Yusuf,1882 Mayıs ayında Edirne’ye gelir, Kırkpınar Yağlı Güreşlerinde büyük ortada birinci oldu. Başpehlivanlık da vardır ve Başpehlivan Aliço dillere destan bir güreşçidir. Aliço ile güreşen Osman Pehlivan yaklaşık bir saatin sonunda Aliço’nun gücü ve tekniği karşısında pes etti.

1884’ün Mayıs’ında beklenen gün gelmiştir. Başpehlivanlıkta zalim ve namlı Aliço ile Yusuf güreşecektir. Altı saatlik dillere destan ve kıran kırana geçen bir mücadeleden sonra zalim, mağrur ve gaddar Aliço’yu Yusuf mağlup etti. Yusuf artık başpehlivandır. Köyüne döner ve Gülçehre’yle evlenir. Köyde annesi Ayşe Hanım yemek yerken Yusuf’a: “Oğlum artık sen Koca Yusuf oldun. “der.(sayfa 245)Artık nâmı Koca Yusuf olmuştur.
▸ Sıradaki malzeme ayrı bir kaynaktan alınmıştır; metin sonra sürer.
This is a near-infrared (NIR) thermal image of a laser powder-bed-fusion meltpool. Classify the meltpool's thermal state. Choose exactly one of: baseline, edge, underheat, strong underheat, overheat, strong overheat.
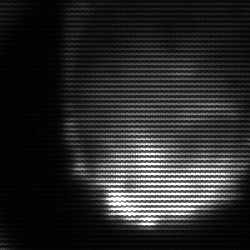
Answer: edge

Daha sonraları Koca Yusuf, Adalı Halil, Hergeleci İbrahim, Mümin Pehlivan, Kurtdereli Mehmet Pehlivan gibi pek çok pehlivanla güreşir ve onları mağlup etti.

 

Koca Yusuf’u anlatmak, onun hayatının detayları üzerinde durmak mümkün değil. Padişah fermanıyla Fransa ve Amerika’da pek çok güreşler yapan Koca Yusuf, minderde karşısına çıkan bütün güreşçileri kısa sürede tuş eder. Avrupalılar minderde Koca Yusuf’a on dakika dayanabilen güreşçiye ödül vaat ederler, ödül verecek birini bulamazlar.

1898 yılı 3 Temmuz Pazar günü kemerine sarılmış 7 bin dolar karşılığı Fransız altınıyla ülkesine gemiyle dönerken bindiği gemiyle başka bir geminin sis dolayısıyla çarpışması sonucu boğularak vefat eder, geride üç yavrusu ve eşi kalır. Ruhu şad olsun.

Minderlere sığmayan ata sporu güreşimizin kutbu, imparatoru Koca Yusuf, bu satırlara da sığmazdı elbet.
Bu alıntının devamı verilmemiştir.